[TO DO]:
Your answer must be every line of the data that contains "nodes".

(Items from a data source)
--- START ---

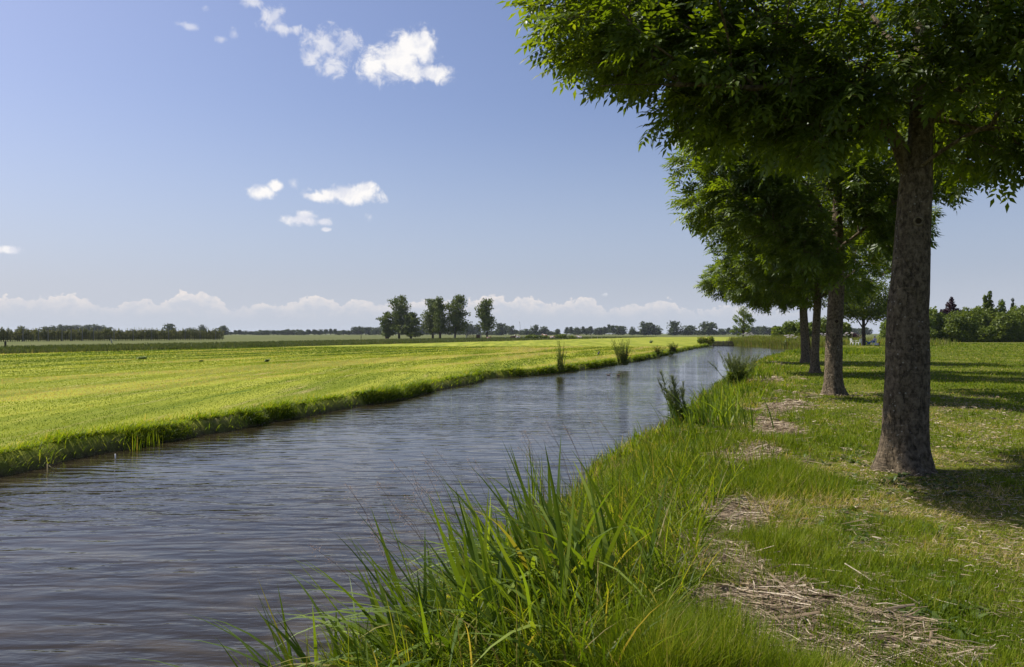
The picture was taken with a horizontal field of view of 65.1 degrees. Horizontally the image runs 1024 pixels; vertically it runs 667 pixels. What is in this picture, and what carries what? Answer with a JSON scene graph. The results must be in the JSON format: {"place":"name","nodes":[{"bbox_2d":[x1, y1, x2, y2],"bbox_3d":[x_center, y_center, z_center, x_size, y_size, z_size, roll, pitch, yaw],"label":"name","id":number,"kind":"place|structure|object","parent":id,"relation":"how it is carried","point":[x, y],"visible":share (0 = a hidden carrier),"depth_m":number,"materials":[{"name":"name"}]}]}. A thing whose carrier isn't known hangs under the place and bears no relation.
{"place":"outdoors","nodes":[
{"label":"outdoors","id":0,"kind":"place"},
{"bbox_2d":[0,336,656,353],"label":"meadow grass","id":1,"kind":"structure","parent":0,"point":[33,348],"depth_m":116.63,"materials":[{"name":"green plant"}]},
{"bbox_2d":[0,344,733,476],"bbox_3d":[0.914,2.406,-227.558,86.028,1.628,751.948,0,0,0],"label":"riverbed","id":2,"kind":"structure","parent":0,"point":[68,457],"depth_m":19.80,"materials":[{"name":"soil"}]},
{"bbox_2d":[0,337,741,475],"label":"mown field","id":3,"kind":"structure","parent":0,"point":[24,457],"depth_m":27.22,"materials":[{"name":"plant"}]},
{"bbox_2d":[553,340,566,370],"bbox_3d":[2.531,1.144,42.387,0.780,1.621,1.037,0,0,-36],"label":"willowherb","id":4,"kind":"object","parent":3,"relation":"on","point":[561,362],"visible":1,"depth_m":42.27,"materials":[{"name":"green plant"}]},
{"bbox_2d":[612,338,632,364],"bbox_3d":[6.834,1.128,49.592,1.596,1.659,1.705,0,0,0],"label":"willowherb","id":5,"kind":"object","parent":3,"relation":"on","point":[621,354],"visible":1,"depth_m":49.41,"materials":[{"name":"green plant"}]},
{"bbox_2d":[650,345,665,352],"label":"bank shrub","id":6,"kind":"object","parent":3,"relation":"on","point":[656,350],"visible":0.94,"depth_m":75.85,"materials":[{"name":"green plant"}]},
{"bbox_2d":[666,343,677,351],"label":"bank shrub","id":7,"kind":"object","parent":3,"relation":"on","point":[672,348],"visible":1,"depth_m":82.80,"materials":[{"name":"green plant"}]},
{"bbox_2d":[697,336,706,343],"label":"bank shrub","id":8,"kind":"object","parent":3,"relation":"on","point":[700,340],"visible":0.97,"depth_m":139.61,"materials":[{"name":"green plant"}]},
{"bbox_2d":[705,336,714,345],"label":"bank shrub","id":9,"kind":"object","parent":3,"relation":"on","point":[711,340],"visible":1,"depth_m":139.63,"materials":[{"name":"green plant"}]},
{"bbox_2d":[729,306,754,336],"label":"young tree","id":10,"kind":"object","parent":3,"relation":"on","point":[746,317],"visible":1,"depth_m":151.86,"materials":[{"name":"green plant"}]},
{"bbox_2d":[0,345,796,666],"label":"river water","id":11,"kind":"structure","parent":0,"point":[128,557],"depth_m":10.09,"materials":[{"name":"liquid"}]},
{"bbox_2d":[124,434,141,450],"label":"reed clump","id":12,"kind":"object","parent":11,"relation":"on","point":[135,448],"visible":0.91,"depth_m":15.11,"materials":[{"name":"green plant"}]},
{"bbox_2d":[141,432,162,446],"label":"reed clump","id":13,"kind":"object","parent":11,"relation":"on","point":[148,441],"visible":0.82,"depth_m":15.65,"materials":[{"name":"green plant"}]},
{"bbox_2d":[520,442,546,498],"bbox_3d":[0.324,1.853,10.706,0.460,0.894,0.347,0,0,40],"label":"reed clump","id":14,"kind":"object","parent":11,"relation":"in","point":[533,488],"visible":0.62,"depth_m":10.71,"materials":[{"name":"green plant"}]},
{"bbox_2d":[559,455,618,503],"bbox_3d":[1.004,1.905,10.318,0.891,0.774,0.804,0,0,-33],"label":"reed clump","id":15,"kind":"object","parent":11,"relation":"in","point":[589,478],"visible":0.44,"depth_m":10.36,"materials":[{"name":"green plant"}]},
{"bbox_2d":[0,334,879,353],"bbox_3d":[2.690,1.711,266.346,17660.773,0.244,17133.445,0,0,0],"label":"meadow","id":16,"kind":"structure","parent":0,"point":[244,338],"depth_m":289.56,"materials":[{"name":"plant"}]},
{"bbox_2d":[0,327,7,341],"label":"orchard tree","id":17,"kind":"object","parent":16,"relation":"on","point":[3,334],"visible":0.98,"depth_m":176.54,"materials":[{"name":"green plant"}]},
{"bbox_2d":[4,328,11,341],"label":"orchard tree","id":18,"kind":"object","parent":16,"relation":"on","point":[7,335],"visible":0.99,"depth_m":177.05,"materials":[{"name":"green plant"}]},
{"bbox_2d":[58,324,68,330],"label":"distant tree","id":19,"kind":"object","parent":16,"relation":"on","point":[63,327],"visible":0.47,"depth_m":852.61,"materials":[{"name":"green plant"}]},
{"bbox_2d":[88,324,99,331],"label":"distant tree","id":20,"kind":"object","parent":16,"relation":"on","point":[94,327],"visible":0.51,"depth_m":879.06,"materials":[{"name":"green plant"}]},
{"bbox_2d":[162,323,175,332],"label":"distant tree","id":21,"kind":"object","parent":16,"relation":"on","point":[169,327],"visible":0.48,"depth_m":817.75,"materials":[{"name":"green plant"}]},
{"bbox_2d":[198,324,207,330],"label":"distant tree","id":22,"kind":"object","parent":16,"relation":"on","point":[200,328],"visible":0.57,"depth_m":817.77,"materials":[{"name":"green plant"}]},
{"bbox_2d":[214,325,229,334],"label":"distant tree","id":23,"kind":"object","parent":16,"relation":"on","point":[225,329],"visible":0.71,"depth_m":817.04,"materials":[{"name":"green plant"}]},
{"bbox_2d":[257,330,268,334],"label":"distant tree","id":24,"kind":"object","parent":16,"relation":"on","point":[262,332],"visible":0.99,"depth_m":878.44,"materials":[{"name":"green plant"}]},
{"bbox_2d":[353,326,361,334],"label":"distant tree","id":25,"kind":"object","parent":16,"relation":"on","point":[358,331],"visible":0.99,"depth_m":930.02,"materials":[{"name":"green plant"}]},
{"bbox_2d":[371,327,379,334],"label":"distant tree","id":26,"kind":"object","parent":16,"relation":"on","point":[375,330],"visible":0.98,"depth_m":896.05,"materials":[{"name":"green plant"}]},
{"bbox_2d":[375,311,395,338],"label":"willow tree","id":27,"kind":"object","parent":16,"relation":"on","point":[385,324],"visible":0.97,"depth_m":283.73,"materials":[{"name":"green plant"}]},
{"bbox_2d":[387,294,411,338],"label":"willow tree","id":28,"kind":"object","parent":16,"relation":"on","point":[398,320],"visible":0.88,"depth_m":283.31,"materials":[{"name":"green plant"}]},
{"bbox_2d":[398,311,422,338],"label":"willow tree","id":29,"kind":"object","parent":16,"relation":"on","point":[411,321],"visible":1,"depth_m":280.35,"materials":[{"name":"green plant"}]},
{"bbox_2d":[418,299,438,337],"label":"willow tree","id":30,"kind":"object","parent":16,"relation":"on","point":[427,324],"visible":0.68,"depth_m":286.02,"materials":[{"name":"green plant"}]},
{"bbox_2d":[431,296,448,337],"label":"willow tree","id":31,"kind":"object","parent":16,"relation":"on","point":[440,320],"visible":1,"depth_m":281.78,"materials":[{"name":"green plant"}]},
{"bbox_2d":[441,294,470,337],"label":"willow tree","id":32,"kind":"object","parent":16,"relation":"on","point":[455,317],"visible":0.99,"depth_m":283.88,"materials":[{"name":"green plant"}]},
{"bbox_2d":[461,320,474,334],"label":"distant tree","id":33,"kind":"object","parent":16,"relation":"on","point":[469,331],"visible":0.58,"depth_m":818.43,"materials":[{"name":"green plant"}]},
{"bbox_2d":[474,298,496,336],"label":"willow tree","id":34,"kind":"object","parent":16,"relation":"on","point":[484,309],"visible":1,"depth_m":278.58,"materials":[{"name":"green plant"}]},
{"bbox_2d":[493,323,507,334],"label":"distant tree","id":35,"kind":"object","parent":16,"relation":"on","point":[500,330],"visible":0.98,"depth_m":818.37,"materials":[{"name":"green plant"}]},
{"bbox_2d":[507,325,515,334],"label":"distant tree","id":36,"kind":"object","parent":16,"relation":"on","point":[510,331],"visible":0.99,"depth_m":885.75,"materials":[{"name":"green plant"}]},
{"bbox_2d":[521,328,529,334],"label":"distant tree","id":37,"kind":"object","parent":16,"relation":"on","point":[526,332],"visible":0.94,"depth_m":870.77,"materials":[{"name":"green plant"}]},
{"bbox_2d":[525,334,538,337],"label":"bush","id":38,"kind":"object","parent":16,"relation":"on","point":[531,336],"visible":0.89,"depth_m":261.04,"materials":[{"name":"green plant"}]},
{"bbox_2d":[529,324,539,334],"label":"distant tree","id":39,"kind":"object","parent":16,"relation":"on","point":[534,330],"visible":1,"depth_m":818.59,"materials":[{"name":"green plant"}]},
{"bbox_2d":[538,326,549,334],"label":"distant tree","id":40,"kind":"object","parent":16,"relation":"on","point":[543,330],"visible":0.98,"depth_m":817.78,"materials":[{"name":"green plant"}]},
{"bbox_2d":[554,334,566,337],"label":"bush","id":41,"kind":"object","parent":16,"relation":"on","point":[560,336],"visible":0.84,"depth_m":261.45,"materials":[{"name":"green plant"}]},
{"bbox_2d":[574,327,581,334],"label":"distant tree","id":42,"kind":"object","parent":16,"relation":"on","point":[577,329],"visible":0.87,"depth_m":940.56,"materials":[{"name":"green plant"}]},
{"bbox_2d":[602,326,607,334],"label":"distant tree","id":43,"kind":"object","parent":16,"relation":"on","point":[604,331],"visible":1,"depth_m":906.71,"materials":[{"name":"green plant"}]},
{"bbox_2d":[609,325,616,334],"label":"distant tree","id":44,"kind":"object","parent":16,"relation":"on","point":[613,329],"visible":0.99,"depth_m":880.91,"materials":[{"name":"green plant"}]},
{"bbox_2d":[614,326,624,334],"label":"distant tree","id":45,"kind":"object","parent":16,"relation":"on","point":[619,331],"visible":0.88,"depth_m":895.18,"materials":[{"name":"green plant"}]},
{"bbox_2d":[620,326,626,334],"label":"distant tree","id":46,"kind":"object","parent":16,"relation":"on","point":[625,330],"visible":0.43,"depth_m":940.32,"materials":[{"name":"green plant"}]},
{"bbox_2d":[629,327,635,334],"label":"distant tree","id":47,"kind":"object","parent":16,"relation":"on","point":[631,331],"visible":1,"depth_m":778.78,"materials":[{"name":"green plant"}]},
{"bbox_2d":[638,321,653,334],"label":"distant tree","id":48,"kind":"object","parent":16,"relation":"on","point":[646,327],"visible":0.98,"depth_m":777.72,"materials":[{"name":"green plant"}]},
{"bbox_2d":[649,324,662,334],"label":"distant tree","id":49,"kind":"object","parent":16,"relation":"on","point":[656,329],"visible":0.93,"depth_m":777.45,"materials":[{"name":"green plant"}]},
{"bbox_2d":[666,320,681,334],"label":"distant tree","id":50,"kind":"object","parent":16,"relation":"on","point":[674,329],"visible":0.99,"depth_m":778.91,"materials":[{"name":"green plant"}]},
{"bbox_2d":[680,325,696,334],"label":"distant tree","id":51,"kind":"object","parent":16,"relation":"on","point":[688,330],"visible":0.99,"depth_m":776.98,"materials":[{"name":"green plant"}]},
{"bbox_2d":[697,321,720,334],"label":"distant tree","id":52,"kind":"object","parent":16,"relation":"on","point":[707,329],"visible":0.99,"depth_m":776.84,"materials":[{"name":"green plant"}]},
{"bbox_2d":[717,328,727,334],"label":"distant tree","id":53,"kind":"object","parent":16,"relation":"on","point":[723,331],"visible":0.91,"depth_m":886.21,"materials":[{"name":"green plant"}]},
{"bbox_2d":[749,327,756,334],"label":"distant tree","id":54,"kind":"object","parent":16,"relation":"on","point":[753,331],"visible":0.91,"depth_m":893.97,"materials":[{"name":"green plant"}]},
{"bbox_2d":[758,326,768,334],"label":"distant tree","id":55,"kind":"object","parent":16,"relation":"on","point":[762,331],"visible":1,"depth_m":868.82,"materials":[{"name":"green plant"}]},
{"bbox_2d":[929,313,935,336],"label":"garden shrub","id":56,"kind":"object","parent":16,"relation":"on","point":[932,323],"visible":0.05,"depth_m":148.92,"materials":[{"name":"green plant"}]},
{"bbox_2d":[929,306,944,334],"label":"garden shrub","id":57,"kind":"object","parent":16,"relation":"on","point":[936,315],"visible":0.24,"depth_m":151.80,"materials":[{"name":"green plant"}]},
{"bbox_2d":[937,330,954,341],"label":"shrub","id":58,"kind":"object","parent":16,"relation":"on","point":[940,335],"visible":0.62,"depth_m":149.25,"materials":[{"name":"green plant"}]},
{"bbox_2d":[939,297,964,315],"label":"copper beech","id":59,"kind":"object","parent":16,"relation":"on","point":[951,305],"visible":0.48,"depth_m":155.66,"materials":[{"name":"purple plant"}]},
{"bbox_2d":[942,310,979,341],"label":"garden shrub","id":60,"kind":"object","parent":16,"relation":"on","point":[960,325],"visible":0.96,"depth_m":148.12,"materials":[{"name":"green plant"}]},
{"bbox_2d":[965,332,984,341],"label":"shrub","id":61,"kind":"object","parent":16,"relation":"on","point":[972,339],"visible":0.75,"depth_m":146.96,"materials":[{"name":"green plant"}]},
{"bbox_2d":[960,305,993,330],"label":"garden shrub","id":62,"kind":"object","parent":16,"relation":"on","point":[985,318],"visible":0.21,"depth_m":151.78,"materials":[{"name":"green plant"}]},
{"bbox_2d":[974,325,996,341],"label":"shrub","id":63,"kind":"object","parent":16,"relation":"on","point":[989,332],"visible":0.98,"depth_m":146.18,"materials":[{"name":"green plant"}]},
{"bbox_2d":[979,291,994,317],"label":"young maple","id":64,"kind":"object","parent":16,"relation":"on","point":[987,303],"visible":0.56,"depth_m":155.76,"materials":[{"name":"green plant"}]},
{"bbox_2d":[972,305,1007,341],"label":"garden shrub","id":65,"kind":"object","parent":16,"relation":"on","point":[993,310],"visible":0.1,"depth_m":155.14,"materials":[{"name":"green plant"}]},
{"bbox_2d":[996,299,1006,311],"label":"birch","id":66,"kind":"object","parent":16,"relation":"on","point":[1001,304],"visible":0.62,"depth_m":155.71,"materials":[{"name":"green plant"}]},
{"bbox_2d":[990,311,1020,341],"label":"garden shrub","id":67,"kind":"object","parent":16,"relation":"on","point":[1006,325],"visible":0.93,"depth_m":148.65,"materials":[{"name":"green plant"}]},
{"bbox_2d":[1008,331,1022,341],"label":"shrub","id":68,"kind":"object","parent":16,"relation":"on","point":[1016,338],"visible":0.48,"depth_m":148.68,"materials":[{"name":"green plant"}]},
{"bbox_2d":[1008,305,1023,333],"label":"garden shrub","id":69,"kind":"object","parent":16,"relation":"on","point":[1018,312],"visible":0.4,"depth_m":151.68,"materials":[{"name":"green plant"}]},
{"bbox_2d":[0,0,1023,333],"label":"sky","id":70,"kind":"structure","parent":0,"point":[243,165],"materials":[{"name":"blue"}]},
{"bbox_2d":[411,342,1023,666],"bbox_3d":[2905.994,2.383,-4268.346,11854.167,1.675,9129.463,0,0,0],"label":"lawn","id":71,"kind":"structure","parent":0,"point":[1006,513],"depth_m":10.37,"materials":[{"name":"plant"}]},
{"bbox_2d":[134,568,343,666],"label":"iris clump","id":72,"kind":"object","parent":71,"relation":"on","point":[336,651],"visible":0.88,"depth_m":4.30,"materials":[{"name":"green plant"}]},
{"bbox_2d":[259,502,525,666],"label":"iris clump","id":73,"kind":"object","parent":71,"relation":"on","point":[378,615],"visible":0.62,"depth_m":4.10,"materials":[{"name":"green plant"}]},
{"bbox_2d":[301,462,581,666],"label":"iris clump","id":74,"kind":"object","parent":71,"relation":"on","point":[477,585],"visible":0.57,"depth_m":4.10,"materials":[{"name":"green plant"}]},
{"bbox_2d":[310,398,633,604],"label":"seeding grass","id":75,"kind":"structure","parent":71,"relation":"on","point":[465,491],"depth_m":6.15,"materials":[{"name":"green plant"}]},
{"bbox_2d":[409,470,593,603],"bbox_3d":[-0.092,1.627,5.791,1.515,1.107,1.775,0,0,-22],"label":"iris clump","id":76,"kind":"object","parent":71,"relation":"on","point":[495,565],"visible":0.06,"depth_m":5.72,"materials":[{"name":"green plant"}]},
{"bbox_2d":[245,433,760,666],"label":"foreground grass","id":77,"kind":"structure","parent":71,"relation":"on","point":[517,652],"depth_m":4.36,"materials":[{"name":"green plant"}]},
{"bbox_2d":[374,437,671,666],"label":"iris clump","id":78,"kind":"object","parent":71,"relation":"on","point":[541,540],"visible":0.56,"depth_m":4.89,"materials":[{"name":"green plant"}]},
{"bbox_2d":[296,351,825,666],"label":"bank grass","id":79,"kind":"structure","parent":71,"relation":"on","point":[648,435],"depth_m":8.83,"materials":[{"name":"green plant"}]},
{"bbox_2d":[655,368,700,427],"bbox_3d":[3.015,1.152,14.178,0.842,1.072,0.803,0,0,-27],"label":"dock plant","id":80,"kind":"object","parent":71,"relation":"on","point":[677,406],"visible":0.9,"depth_m":14.07,"materials":[{"name":"green plant"}]},
{"bbox_2d":[638,384,773,438],"bbox_3d":[3.342,1.416,13.782,2.144,1.313,2.281,0,0,0],"label":"iris clump","id":81,"kind":"object","parent":71,"relation":"on","point":[725,417],"visible":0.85,"depth_m":13.46,"materials":[{"name":"green plant"}]},
{"bbox_2d":[689,382,760,421],"bbox_3d":[3.830,1.352,15.554,1.468,0.976,1.472,0,0,-11],"label":"iris clump","id":82,"kind":"object","parent":71,"relation":"on","point":[717,403],"visible":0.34,"depth_m":15.48,"materials":[{"name":"green plant"}]},
{"bbox_2d":[691,377,766,402],"bbox_3d":[5.271,1.515,19.508,1.971,1.104,1.743,0,0,19],"label":"iris clump","id":83,"kind":"object","parent":71,"relation":"on","point":[733,389],"visible":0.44,"depth_m":19.50,"materials":[{"name":"green plant"}]},
{"bbox_2d":[707,350,759,385],"bbox_3d":[7.213,1.097,26.026,1.705,1.203,1.625,0,0,0],"label":"dock plant","id":84,"kind":"object","parent":71,"relation":"on","point":[735,367],"visible":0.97,"depth_m":25.82,"materials":[{"name":"green plant"}]},
{"bbox_2d":[497,426,990,666],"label":"broadleaf weeds","id":85,"kind":"object","parent":71,"relation":"on","point":[933,613],"visible":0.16,"depth_m":5.83,"materials":[{"name":"green plant"}]},
{"bbox_2d":[497,0,1023,476],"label":"ash tree","id":86,"kind":"object","parent":71,"relation":"on","point":[715,68],"visible":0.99,"depth_m":8.88,"materials":[{"name":"green plant"}]},
{"bbox_2d":[743,361,779,378],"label":"iris clump","id":87,"kind":"object","parent":71,"relation":"on","point":[755,375],"visible":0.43,"depth_m":27.38,"materials":[{"name":"green plant"}]},
{"bbox_2d":[512,361,1023,666],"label":"reed litter","id":88,"kind":"object","parent":71,"relation":"on","point":[728,511],"visible":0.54,"depth_m":5.08,"materials":[{"name":"beige plant"}]},
{"bbox_2d":[771,325,791,336],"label":"elder bush","id":89,"kind":"object","parent":71,"relation":"on","point":[776,330],"visible":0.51,"depth_m":130.27,"materials":[{"name":"green plant"}]},
{"bbox_2d":[729,334,847,348],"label":"reed bed","id":90,"kind":"object","parent":71,"relation":"on","point":[777,341],"visible":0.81,"depth_m":128.07,"materials":[{"name":"green plant"}]},
{"bbox_2d":[693,195,886,362],"bbox_3d":[15.939,-3.674,44.237,10.028,10.849,10.338,0,0,35],"label":"ash tree","id":91,"kind":"object","parent":71,"relation":"on","point":[708,288],"visible":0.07,"depth_m":43.78,"materials":[{"name":"green plant"}]},
{"bbox_2d":[782,320,810,336],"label":"elder bush","id":92,"kind":"object","parent":71,"relation":"on","point":[794,327],"visible":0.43,"depth_m":129.73,"materials":[{"name":"green plant"}]},
{"bbox_2d":[805,294,810,358],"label":"leaning stem","id":93,"kind":"object","parent":71,"relation":"on","point":[808,338],"visible":0.48,"depth_m":32.82,"materials":[{"name":"brown wood"}]},
{"bbox_2d":[808,321,824,336],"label":"elder bush","id":94,"kind":"object","parent":71,"relation":"on","point":[810,328],"visible":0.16,"depth_m":129.80,"materials":[{"name":"green plant"}]},
{"bbox_2d":[687,120,954,372],"bbox_3d":[12.099,-3.901,32.178,9.520,11.267,9.494,0,0,-35],"label":"ash tree","id":95,"kind":"object","parent":71,"relation":"on","point":[758,280],"visible":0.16,"depth_m":31.62,"materials":[{"name":"green plant"}]},
{"bbox_2d":[820,315,826,336],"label":"elder bush","id":96,"kind":"object","parent":71,"relation":"on","point":[823,320],"visible":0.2,"depth_m":130.50,"materials":[{"name":"green plant"}]},
{"bbox_2d":[781,347,884,353],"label":"ditch grass","id":97,"kind":"structure","parent":71,"relation":"on","point":[850,350],"depth_m":64.26,"materials":[{"name":"green plant"}]},
{"bbox_2d":[660,0,1020,395],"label":"ash tree","id":98,"kind":"object","parent":71,"relation":"on","point":[741,200],"visible":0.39,"depth_m":19.82,"materials":[{"name":"green plant"}]},
{"bbox_2d":[726,336,960,344],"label":"tall herbs","id":99,"kind":"object","parent":71,"relation":"on","point":[882,340],"visible":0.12,"depth_m":114.53,"materials":[{"name":"green plant"}]},
{"bbox_2d":[843,322,852,337],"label":"elder bush","id":100,"kind":"object","parent":71,"relation":"on","point":[847,327],"visible":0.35,"depth_m":130.12,"materials":[{"name":"green plant"}]},
{"bbox_2d":[843,271,889,345],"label":"lawn tree","id":101,"kind":"object","parent":71,"relation":"on","point":[876,310],"visible":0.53,"depth_m":104.91,"materials":[{"name":"green plant"}]},
{"bbox_2d":[877,319,885,339],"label":"garden shrub","id":102,"kind":"object","parent":71,"relation":"on","point":[882,331],"visible":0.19,"depth_m":139.61,"materials":[{"name":"green plant"}]},
{"bbox_2d":[930,327,937,340],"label":"shrub","id":103,"kind":"object","parent":71,"relation":"on","point":[933,331],"visible":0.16,"depth_m":146.15,"materials":[{"name":"green plant"}]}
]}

--- END ---

[PROBLEM SOLUTION]:
The picture was taken with a horizontal field of view of 65.1 degrees. Horizontally the image runs 1024 pixels; vertically it runs 667 pixels. What is in this picture, and what carries what? Answer with a JSON scene graph. The results must be in the JSON format: {"place":"name","nodes":[{"bbox_2d":[x1, y1, x2, y2],"bbox_3d":[x_center, y_center, z_center, x_size, y_size, z_size, roll, pitch, yaw],"label":"name","id":number,"kind":"place|structure|object","parent":id,"relation":"how it is carried","point":[x, y],"visible":share (0 = a hidden carrier),"depth_m":number,"materials":[{"name":"name"}]}]}. A thing whose carrier isn't known hangs under the place and bears no relation.
{"place":"outdoors","nodes":[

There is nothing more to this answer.